Plame Wilson’s CIA employment was revealed in a July 14, 2003, article by the late right-wing columnist Robert Novak, effectively destroying her career. Two months later, a CIA complaint to the Justice Department sparked a criminal probe into the identity of the leakers.
Initially, Bush professed not to know anything about the matter, and several of his senior aides, including political adviser Karl Rove and the vice president’s chief of staff I. Lewis Libby, followed suit.
However, it later became clear that Rove and Libby had a hand in the Plame leak and that Bush and Cheney had helped organize a campaign to disparage Wilson by giving critical information to friendly journalists.
On June 24, 2004, Bush was interviewed by Fitzgerald for 70 minutes about the Plame leak. The only other member of the Bush team in the room during the meeting was Jim Sharp, the private lawyer that Bush hired, according to a press briefing by then press secretary Scott McClellan.
“The President … was pleased to do his part to help the investigation move forward,” McClellan said. “No one wants to get to the bottom of this matter more than the President of the United States.”
A couple of weeks earlier, Cheney was interviewed by Fitzgerald.
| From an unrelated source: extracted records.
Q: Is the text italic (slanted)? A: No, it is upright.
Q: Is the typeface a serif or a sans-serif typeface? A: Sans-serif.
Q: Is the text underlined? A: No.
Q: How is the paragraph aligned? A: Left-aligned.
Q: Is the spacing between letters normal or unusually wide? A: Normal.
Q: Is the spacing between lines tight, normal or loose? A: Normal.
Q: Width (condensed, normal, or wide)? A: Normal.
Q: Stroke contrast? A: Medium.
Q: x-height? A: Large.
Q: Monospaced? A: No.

Cheney retained a private attorney, Terrence O’Donnell, to represent him in the matter.
Fitzgerald’s criminal investigation led to Libby’s indictment in October 2005 and his subsequent conviction in March 2007 on four counts of perjury and obstruction of justice, which Bush later commuted.
During closing arguments at Libby’s trial, Cheney was implicated in the leak, as Fitzgerald acknowledged that Cheney was intimately involved in the scandal and may have told Libby to leak Plame’s status to the media.
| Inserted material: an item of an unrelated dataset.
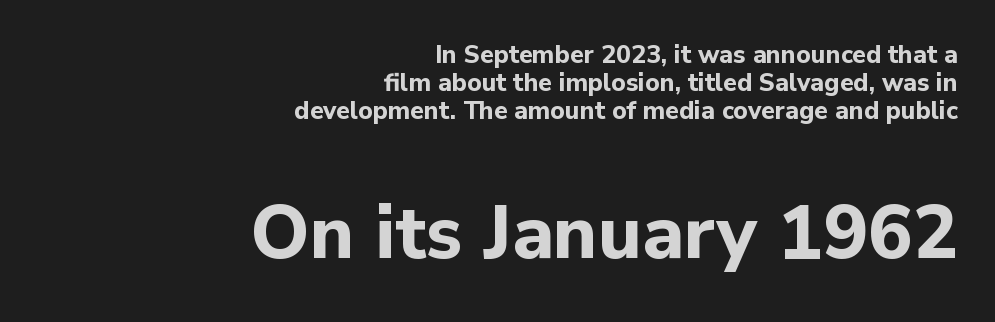
{"serif": "no", "italic": "no", "bold": "yes", "weight": "bold", "width": "normal", "stroke_contrast": "low", "x_height": "medium", "monospaced": "no", "underline": "no", "align": "right", "line_spacing": "tight", "line_spacing_ratio": 1.13, "letter_spacing": "normal", "letter_spacing_em": 0.0, "larger_block": "second", "size_ratio": 3.0, "glyph_px": 75}

Court papers filed by Obama’s Justice Department in July revealed that Bush and Cheney were in contact about the scandal, including what is described as “a confidential conversation” and “an apparent communication between the Vice President and the President.”
That court filing also revealed that Fitzgerald questioned Cheney about his participation in the decision to declassify parts of a 2002 National Intelligence Estimate regarding Iraq’s alleged WMD. It ultimately fell to Bush to clear selected parts of the NIE so they could be leaked as part of the White House campaign to disparage Wilson.